Nevertheless, pro-EU parties managed to hold onto 507 out of 751 seats, according to a projection by the European Parliament.
COLOMBIA
‘False Positives,’ and Proof
New evidence ties the head of the Colombian army to the alleged cover-up of the killing of civilians to beef up body counts in the fight against communist revolutionaries more than a decade ago – known as the “false positives” scandal.
An investigation insider provided the Associated Press with documents indicating that Gen. Nicacio Martínez Espinel signed off on at least seven questionable payments to informers who supposedly identified guerillas, supporting similar allegations lodged against the general by Human Rights Watch in February.
Taken with other circumstantial evidence, the signatures add new fuel to speculation that Martínez Espinel may have supported the practice of killing civilians and planting weapons on them to make the murder look like a victory in the fight against the rebels – though he said he has faced no criminal or disciplinary investigations and had no combat role during the dates mentioned on the new documents.
Notably, the evidence comes in the wake of reports that Martínez Espinel this year ordered troops to double the number of leftist guerrillas and criminals they killed, captured or forced to surrender in combat.
NEPAL
Not Gone, Not Forgotten
Three explosions killed at least four people and injured eight others in Kathmandu Sunday afternoon in an unpleasant reminder of the decade-long civil war that ended in 2006.

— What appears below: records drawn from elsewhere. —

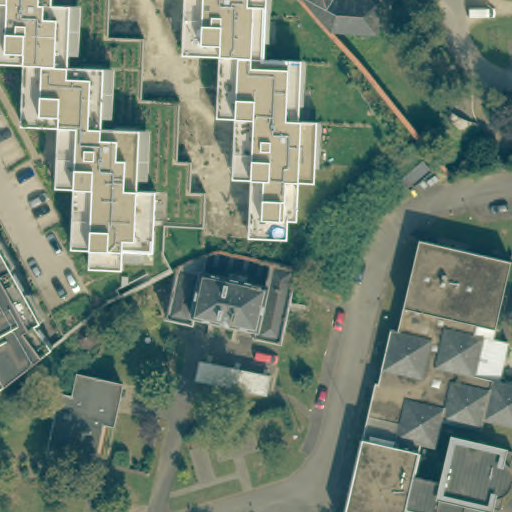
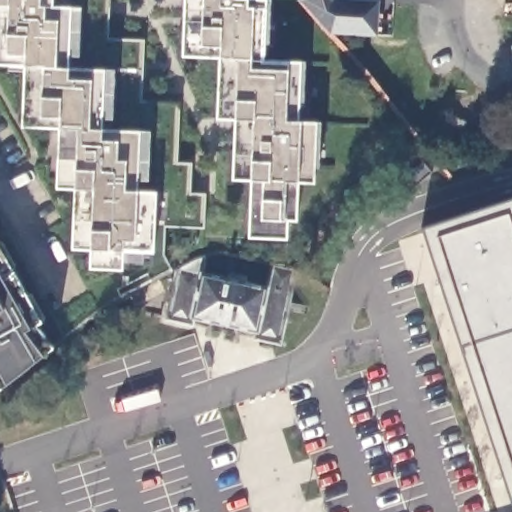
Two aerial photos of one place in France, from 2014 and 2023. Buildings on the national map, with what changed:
unchanged [(72,6),(69,66),(105,68),(103,128),(142,129),(140,190),(157,190),(155,252),(125,251),(123,269),(90,267),(91,249),(73,248),(75,189),(57,188),(59,128),(22,126),(25,66),(0,65),(0,0),(53,0),(53,5),(72,6)]
unchanged [(233,179),(236,119),(217,118),(220,57),(183,56),(184,0),(267,0),(265,60),(303,62),(300,121),(317,122),(314,182),(298,181),(296,220),(289,219),(288,238),(249,235),(251,180),(233,179)]
unchanged [(377,6),(375,39),(329,35),(302,5),(299,4),(299,0),(334,0),(334,3),(377,6)]
unchanged [(423,158),(433,170),(410,189),(400,178),(423,158)]
new [(512,505),(420,226),(512,198),(512,505)]
demolished [(512,424),(481,418),(479,427),(441,419),(434,445),(419,442),(412,471),(441,478),(452,433),(512,448),(512,450),(499,505),(465,497),(461,512),(439,512),(404,503),(402,512),(346,512),(376,380),(378,381),(392,327),(398,328),(420,238),(509,259),(494,325),(473,321),(471,330),(483,333),(475,372),(497,377),(512,380),(512,424)]
unchanged [(44,322),(38,326),(55,347),(0,389),(0,245),(44,322)]
unchanged [(294,268),(280,345),(252,339),(253,332),(193,320),(191,327),(163,321),(174,270),(194,260),(205,257),(201,272),(262,284),(267,262),(292,268),(294,268)]
demolished [(75,458),(76,451),(52,446),(63,394),(75,396),(79,375),(120,384),(112,423),(102,422),(93,462),(75,458)]

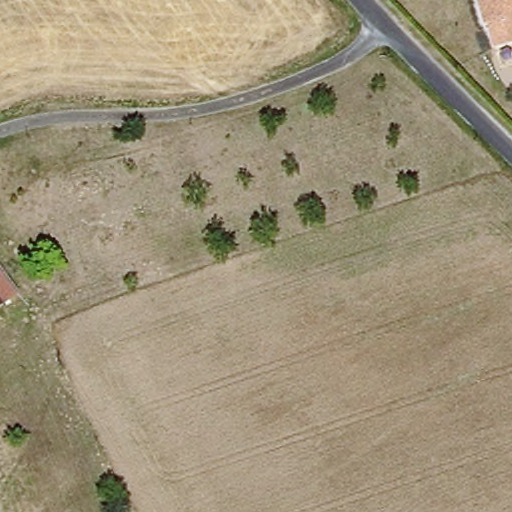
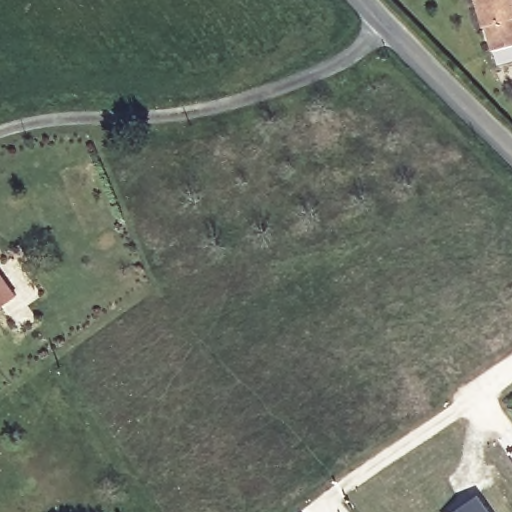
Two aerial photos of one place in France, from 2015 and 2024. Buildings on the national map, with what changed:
unchanged [(492,49),(487,24),(483,25),(478,0),(512,0),(512,44),(492,49)]
unchanged [(0,307),(0,278),(15,294),(0,307)]
new [(457,512),(480,497),(491,512),(457,512)]

Police said the blasts appeared to be generated by improvised explosive devices, while an official told reporters that a Maoist splinter group has come under suspicion after the discovery of some of its pamphlets near one of the explosion sites, according to the BBC. The same group is alleged to have carried out an explosion in February that killed one person in Kathmandu.
No one has claimed responsibility for Sunday’s blasts yet.
Such attacks have been relatively rare since the end of the war, when the main contingent of Maoists laid down their arms and reformed as a political party that is now part of the ruling Nepal Communist Party (NCP).
However, the outlawed group police believe may have planted the explosives split from the main faction when it opted for ballots over bullets, noted the Times of India.
DISCOVERIES
Breeding Out Flavor
Tomatoes are strange plants.
People are confused about whether they are fruits or vegetables, and aren’t sure how to define the flavor of store-bought ones – tastes like “dirt,” “blood,” and “chlorine” come up in searches.
But those labels may soon go away, thanks to research that could help make commercial tomatoes tastier, Deutsche Welle reported.
A team of researchers recently created a tomato “pan-genome,” using the genetic information of 725 wild and cultivated tomatoes from around the world.
Their study identified nearly 5,000 genes not present in the domesticated “Heinz 1706” tomato, which has served as the “reference genome” for tomatoes since 2012.
They also discovered a rare variant gene that enhances tomato flavor and found it was present in only 2 percent of the commercial tomatoes in markets today.
Tomato breeders generally sacrifice flavor in order to produce larger yields with a longer shelf life – hence the bland taste.
The variant gene uses carotenoids – pigments that give tomatoes their color – to produce the tangy flavor of the plant. It could also provide extra resistance to diseases, reducing the need for pesticides.
Scientists might finally be able to give commercial tomatoes a more natural taste, but some people might argue that the fruit – or vegetable – has been genetically modified.